++++ The input ++++

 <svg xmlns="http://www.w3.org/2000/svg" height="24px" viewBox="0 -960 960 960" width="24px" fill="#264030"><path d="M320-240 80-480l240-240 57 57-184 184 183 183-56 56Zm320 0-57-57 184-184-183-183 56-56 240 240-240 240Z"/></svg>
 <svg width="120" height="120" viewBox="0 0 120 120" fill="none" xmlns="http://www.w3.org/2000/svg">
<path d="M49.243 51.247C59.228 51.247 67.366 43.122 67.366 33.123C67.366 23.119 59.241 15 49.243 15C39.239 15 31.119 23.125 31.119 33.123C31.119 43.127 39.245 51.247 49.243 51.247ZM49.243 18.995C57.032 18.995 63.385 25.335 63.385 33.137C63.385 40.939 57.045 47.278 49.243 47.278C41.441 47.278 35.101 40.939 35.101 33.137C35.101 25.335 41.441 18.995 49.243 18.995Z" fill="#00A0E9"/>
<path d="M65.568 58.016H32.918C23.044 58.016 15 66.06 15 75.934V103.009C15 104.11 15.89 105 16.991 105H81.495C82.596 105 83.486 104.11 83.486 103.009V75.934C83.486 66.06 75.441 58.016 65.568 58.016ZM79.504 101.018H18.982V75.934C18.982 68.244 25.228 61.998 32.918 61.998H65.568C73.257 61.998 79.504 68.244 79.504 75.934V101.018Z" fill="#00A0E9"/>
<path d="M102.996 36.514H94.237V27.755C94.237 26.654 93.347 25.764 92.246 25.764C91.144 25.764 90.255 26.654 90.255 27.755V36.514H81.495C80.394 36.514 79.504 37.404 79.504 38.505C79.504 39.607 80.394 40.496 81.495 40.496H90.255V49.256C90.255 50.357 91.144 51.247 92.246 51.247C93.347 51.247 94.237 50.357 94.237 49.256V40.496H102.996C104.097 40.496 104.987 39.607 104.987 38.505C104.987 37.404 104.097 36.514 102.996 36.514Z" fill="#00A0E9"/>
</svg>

++++

■ Problem details
Copy out the data shown above without altering anything.

■ Result for this task
 <svg xmlns="http://www.w3.org/2000/svg" height="24px" viewBox="0 -960 960 960" width="24px" fill="#264030"><path d="M320-240 80-480l240-240 57 57-184 184 183 183-56 56Zm320 0-57-57 184-184-183-183 56-56 240 240-240 240Z"/></svg>
 <svg width="120" height="120" viewBox="0 0 120 120" fill="none" xmlns="http://www.w3.org/2000/svg">
<path d="M49.243 51.247C59.228 51.247 67.366 43.122 67.366 33.123C67.366 23.119 59.241 15 49.243 15C39.239 15 31.119 23.125 31.119 33.123C31.119 43.127 39.245 51.247 49.243 51.247ZM49.243 18.995C57.032 18.995 63.385 25.335 63.385 33.137C63.385 40.939 57.045 47.278 49.243 47.278C41.441 47.278 35.101 40.939 35.101 33.137C35.101 25.335 41.441 18.995 49.243 18.995Z" fill="#00A0E9"/>
<path d="M65.568 58.016H32.918C23.044 58.016 15 66.06 15 75.934V103.009C15 104.11 15.89 105 16.991 105H81.495C82.596 105 83.486 104.11 83.486 103.009V75.934C83.486 66.06 75.441 58.016 65.568 58.016ZM79.504 101.018H18.982V75.934C18.982 68.244 25.228 61.998 32.918 61.998H65.568C73.257 61.998 79.504 68.244 79.504 75.934V101.018Z" fill="#00A0E9"/>
<path d="M102.996 36.514H94.237V27.755C94.237 26.654 93.347 25.764 92.246 25.764C91.144 25.764 90.255 26.654 90.255 27.755V36.514H81.495C80.394 36.514 79.504 37.404 79.504 38.505C79.504 39.607 80.394 40.496 81.495 40.496H90.255V49.256C90.255 50.357 91.144 51.247 92.246 51.247C93.347 51.247 94.237 50.357 94.237 49.256V40.496H102.996C104.097 40.496 104.987 39.607 104.987 38.505C104.987 37.404 104.097 36.514 102.996 36.514Z" fill="#00A0E9"/>
</svg>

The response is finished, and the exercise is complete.